Essa rivalidade e crescente desumanização/ coisificação das pessoas e endeusamento do dinheiro, como principal fundamento da vida, aprisiona tanto o miserável que vive nas ruas, como o empresário bem sucedido com dois, três carros do ano na garagem. Ambos, em extremidades diferentes acreditam que o que dá valor à vida deles é o dinheiro. Não é o trabalho, vejam bem, é o dinheiro. Tanto que muitas pessoas trabalham, mas não percebem o próprio valor ou a importância de sua atividade.

Não somente o trabalho, mas a constatação que se deve consumir (cada vez) mais, para afirmar o próprio valor. Consequentemente há um esvaziamento e ausência de espaço para transcendência ou mesmo transgressão o campo social, pretendendo-se uma homogeneização que acompanhe a globalização econômica, que como se vê, é muito mais que apenas a questão financeira: é a extinção das diferenças, da diversidade e da própria natureza humana, que como se sente, não é feliz o tempo todo, por mais dinheiro e por mais que possa consumir.
Aí, reside o aspecto original do livro de Maria Rita. Ela tem acompanhado acampamentos do Movimento Sem Terra, na qual observou que o sofrimento apresentado a ela era de outra ordem. Essa diferenciação se engendra no entorno coletivo, na experiência da fraternidade e na valorização das pessoas por outros modos que não os ditados pelo capital e até mesmo nos conflitos experimentados e sentidos. Nesse ponto do livro, lembrei-me da história de Madre Tereza de Calcutá contada pelo padre Brian Kolodiejchuk Madre Teresa — Venha, seja minha luz. Nesse livro, o padre afirma que Madre Tereza passou 3 anos de sua vida, em profunda crise com a existência de Deus, com noites em claro, sensação de vazio, choro e todos os desconfortos que qualquer crise costuma trazer, superando-a no entanto, e reforçando sua fé e vocação religiosa

. Se ao invés disso, ela tivesse simplesmente passado por um psiquiatra de rede pública, com 5 minutos para atende-la e ela descrevesse esses sintomas, rapidamente se diagnosticaria uma depressão, devidamente medicada por algum antidepressivo. Nesse processo, não haveria o enriquecimento advindo do trabalho psíquico de elaborar e aprender com a experiência.

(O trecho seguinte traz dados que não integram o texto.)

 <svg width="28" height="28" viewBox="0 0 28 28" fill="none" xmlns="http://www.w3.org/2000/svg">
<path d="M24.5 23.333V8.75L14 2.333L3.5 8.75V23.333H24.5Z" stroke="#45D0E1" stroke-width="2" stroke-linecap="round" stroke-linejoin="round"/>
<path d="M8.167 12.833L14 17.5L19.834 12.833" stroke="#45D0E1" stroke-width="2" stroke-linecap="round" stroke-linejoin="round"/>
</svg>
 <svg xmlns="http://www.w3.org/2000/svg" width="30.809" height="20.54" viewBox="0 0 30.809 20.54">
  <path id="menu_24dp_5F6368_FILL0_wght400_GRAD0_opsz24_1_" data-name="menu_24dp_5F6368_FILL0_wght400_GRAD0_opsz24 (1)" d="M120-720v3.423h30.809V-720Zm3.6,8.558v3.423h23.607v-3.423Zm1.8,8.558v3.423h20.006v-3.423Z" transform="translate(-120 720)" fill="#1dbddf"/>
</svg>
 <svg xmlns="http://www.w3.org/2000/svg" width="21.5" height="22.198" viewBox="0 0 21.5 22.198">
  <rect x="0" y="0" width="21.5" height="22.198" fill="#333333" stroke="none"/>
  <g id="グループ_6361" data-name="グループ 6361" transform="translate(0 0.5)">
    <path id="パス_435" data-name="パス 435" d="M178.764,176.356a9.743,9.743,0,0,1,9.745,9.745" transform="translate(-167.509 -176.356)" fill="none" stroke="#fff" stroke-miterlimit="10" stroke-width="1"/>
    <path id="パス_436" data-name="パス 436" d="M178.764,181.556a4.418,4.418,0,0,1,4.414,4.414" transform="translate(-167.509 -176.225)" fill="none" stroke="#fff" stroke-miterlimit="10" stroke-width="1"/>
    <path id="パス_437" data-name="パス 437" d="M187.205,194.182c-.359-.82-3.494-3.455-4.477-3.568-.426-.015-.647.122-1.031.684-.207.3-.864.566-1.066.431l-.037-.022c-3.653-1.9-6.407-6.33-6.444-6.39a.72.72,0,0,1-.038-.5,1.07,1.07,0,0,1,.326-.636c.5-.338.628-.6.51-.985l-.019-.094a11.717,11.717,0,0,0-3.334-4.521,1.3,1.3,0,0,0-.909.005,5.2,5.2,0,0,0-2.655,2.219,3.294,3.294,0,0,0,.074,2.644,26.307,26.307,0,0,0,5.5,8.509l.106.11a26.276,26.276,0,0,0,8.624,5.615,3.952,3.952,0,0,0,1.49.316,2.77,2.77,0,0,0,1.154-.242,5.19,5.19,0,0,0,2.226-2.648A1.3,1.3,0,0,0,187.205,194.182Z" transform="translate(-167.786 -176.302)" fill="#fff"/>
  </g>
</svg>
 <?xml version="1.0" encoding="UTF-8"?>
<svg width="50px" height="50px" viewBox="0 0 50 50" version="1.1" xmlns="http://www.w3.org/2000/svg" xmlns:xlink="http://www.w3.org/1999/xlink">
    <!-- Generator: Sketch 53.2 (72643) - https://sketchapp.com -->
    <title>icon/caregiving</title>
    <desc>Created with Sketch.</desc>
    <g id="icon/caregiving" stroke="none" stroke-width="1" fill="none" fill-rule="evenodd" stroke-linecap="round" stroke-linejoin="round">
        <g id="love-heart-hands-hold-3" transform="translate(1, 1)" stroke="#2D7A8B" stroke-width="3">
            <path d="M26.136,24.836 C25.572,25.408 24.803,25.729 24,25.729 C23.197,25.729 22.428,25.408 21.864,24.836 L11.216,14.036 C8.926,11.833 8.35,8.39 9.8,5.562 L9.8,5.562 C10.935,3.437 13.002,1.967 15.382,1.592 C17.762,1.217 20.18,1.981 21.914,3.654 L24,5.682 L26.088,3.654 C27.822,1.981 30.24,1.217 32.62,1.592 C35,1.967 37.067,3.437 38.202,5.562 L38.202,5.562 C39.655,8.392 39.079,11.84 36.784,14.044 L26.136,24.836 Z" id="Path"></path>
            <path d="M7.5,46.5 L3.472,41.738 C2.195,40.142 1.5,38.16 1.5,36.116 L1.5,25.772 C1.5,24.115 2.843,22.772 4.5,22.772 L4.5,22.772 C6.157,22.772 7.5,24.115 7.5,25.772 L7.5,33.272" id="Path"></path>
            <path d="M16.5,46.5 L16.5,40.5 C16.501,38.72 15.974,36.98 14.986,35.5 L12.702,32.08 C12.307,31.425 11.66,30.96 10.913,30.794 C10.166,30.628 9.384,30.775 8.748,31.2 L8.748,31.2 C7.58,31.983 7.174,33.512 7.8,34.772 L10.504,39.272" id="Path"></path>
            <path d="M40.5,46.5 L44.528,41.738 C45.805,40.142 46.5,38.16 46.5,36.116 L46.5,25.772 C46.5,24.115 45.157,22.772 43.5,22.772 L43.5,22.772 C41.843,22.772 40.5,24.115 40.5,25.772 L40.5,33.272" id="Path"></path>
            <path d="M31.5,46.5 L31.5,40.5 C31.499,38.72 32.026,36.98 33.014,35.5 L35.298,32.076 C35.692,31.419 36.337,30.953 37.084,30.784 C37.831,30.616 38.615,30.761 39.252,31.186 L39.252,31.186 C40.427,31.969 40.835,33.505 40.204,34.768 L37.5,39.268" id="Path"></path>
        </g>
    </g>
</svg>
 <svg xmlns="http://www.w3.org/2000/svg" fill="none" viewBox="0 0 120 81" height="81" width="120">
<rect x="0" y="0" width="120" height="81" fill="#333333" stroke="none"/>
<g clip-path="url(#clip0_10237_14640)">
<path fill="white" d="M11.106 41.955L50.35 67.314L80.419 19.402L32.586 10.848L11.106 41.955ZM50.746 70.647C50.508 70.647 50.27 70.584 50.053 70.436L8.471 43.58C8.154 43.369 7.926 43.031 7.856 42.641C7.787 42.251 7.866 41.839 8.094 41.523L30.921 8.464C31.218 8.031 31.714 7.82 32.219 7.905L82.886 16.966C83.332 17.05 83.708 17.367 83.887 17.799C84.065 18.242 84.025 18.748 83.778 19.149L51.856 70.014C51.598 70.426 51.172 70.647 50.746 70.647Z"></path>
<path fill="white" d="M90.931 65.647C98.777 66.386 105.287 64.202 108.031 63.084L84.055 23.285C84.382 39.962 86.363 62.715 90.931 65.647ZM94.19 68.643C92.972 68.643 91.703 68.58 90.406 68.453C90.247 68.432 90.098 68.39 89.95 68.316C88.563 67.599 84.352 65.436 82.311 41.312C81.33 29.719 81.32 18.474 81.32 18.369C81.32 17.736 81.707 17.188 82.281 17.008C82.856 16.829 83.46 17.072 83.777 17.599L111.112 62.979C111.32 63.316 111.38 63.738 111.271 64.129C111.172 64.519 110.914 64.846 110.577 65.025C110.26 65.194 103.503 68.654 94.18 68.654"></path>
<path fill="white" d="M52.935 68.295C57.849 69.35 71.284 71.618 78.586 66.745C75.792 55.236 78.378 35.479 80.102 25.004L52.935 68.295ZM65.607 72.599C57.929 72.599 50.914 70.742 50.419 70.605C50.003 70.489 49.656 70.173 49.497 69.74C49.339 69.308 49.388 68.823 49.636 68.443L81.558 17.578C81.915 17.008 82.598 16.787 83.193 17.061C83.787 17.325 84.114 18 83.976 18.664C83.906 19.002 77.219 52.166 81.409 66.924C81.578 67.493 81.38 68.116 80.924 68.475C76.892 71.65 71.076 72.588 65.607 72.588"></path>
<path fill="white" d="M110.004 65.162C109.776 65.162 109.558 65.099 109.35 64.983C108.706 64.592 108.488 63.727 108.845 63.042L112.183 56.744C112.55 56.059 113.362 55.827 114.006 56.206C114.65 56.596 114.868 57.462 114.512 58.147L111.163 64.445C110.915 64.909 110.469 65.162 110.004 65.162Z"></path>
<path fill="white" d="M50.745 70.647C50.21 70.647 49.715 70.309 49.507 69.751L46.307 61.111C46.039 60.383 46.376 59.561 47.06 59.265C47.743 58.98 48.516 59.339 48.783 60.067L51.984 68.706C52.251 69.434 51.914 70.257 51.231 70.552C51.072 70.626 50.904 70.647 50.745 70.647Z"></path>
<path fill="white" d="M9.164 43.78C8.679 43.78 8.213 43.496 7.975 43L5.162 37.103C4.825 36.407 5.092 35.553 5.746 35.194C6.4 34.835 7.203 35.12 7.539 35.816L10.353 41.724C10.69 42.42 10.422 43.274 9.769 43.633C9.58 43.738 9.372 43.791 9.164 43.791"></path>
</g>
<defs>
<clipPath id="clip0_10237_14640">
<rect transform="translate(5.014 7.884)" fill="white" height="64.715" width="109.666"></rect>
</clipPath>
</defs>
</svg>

Não se trata de uma ode ao sofrimento ou a dor, mas uma resignifcação do sofrimento, que na sociedade atual não pode se manifestar, porque a ordem social é do querer parecer que se tem e do querer parecer que se é. Essa cobrança por rendimento é tamanha que eu mesmo, não raramente, me deparo com pais em busca de ajuda para seus filhos que foram mal nos exames escolares. Certa vez foi preciso muita conversa com a mãe para que ela entendesse que seu filho não era disléxico ou estava com grandes problemas de aprendizado. Ele apenas não havia estudado. E não havia estudado porque havia tido aula de inglês, de informática, de judô e prova de matemática na mesma semana. A superagenda do adulto está cada vez mais presente na vida das crianças. E na adolescência? Como se escapa desse sistema de cobranças familiares e sociais? Ou via superação, o que é desumanamente exigente e difícil ou via entorpecimento. É preciso falar do aumento de consumo de drogas entre adolescentes? E adultos? Que drogas tomam? Várias! Desde o falado antidepressivo para não desanimar e chorar (mesmo que o momento peça isso, como o luto por exemplo), passando pelas cervejadas para comemorar o fim da semana na sexta feira ou a televisão entorpecedora no domingo, porque ouvir certos slogans televisivos no domingo é claramente captado como um deprimente sinal que é hora de voltar para a correria. Correr para que e para onde mesmo?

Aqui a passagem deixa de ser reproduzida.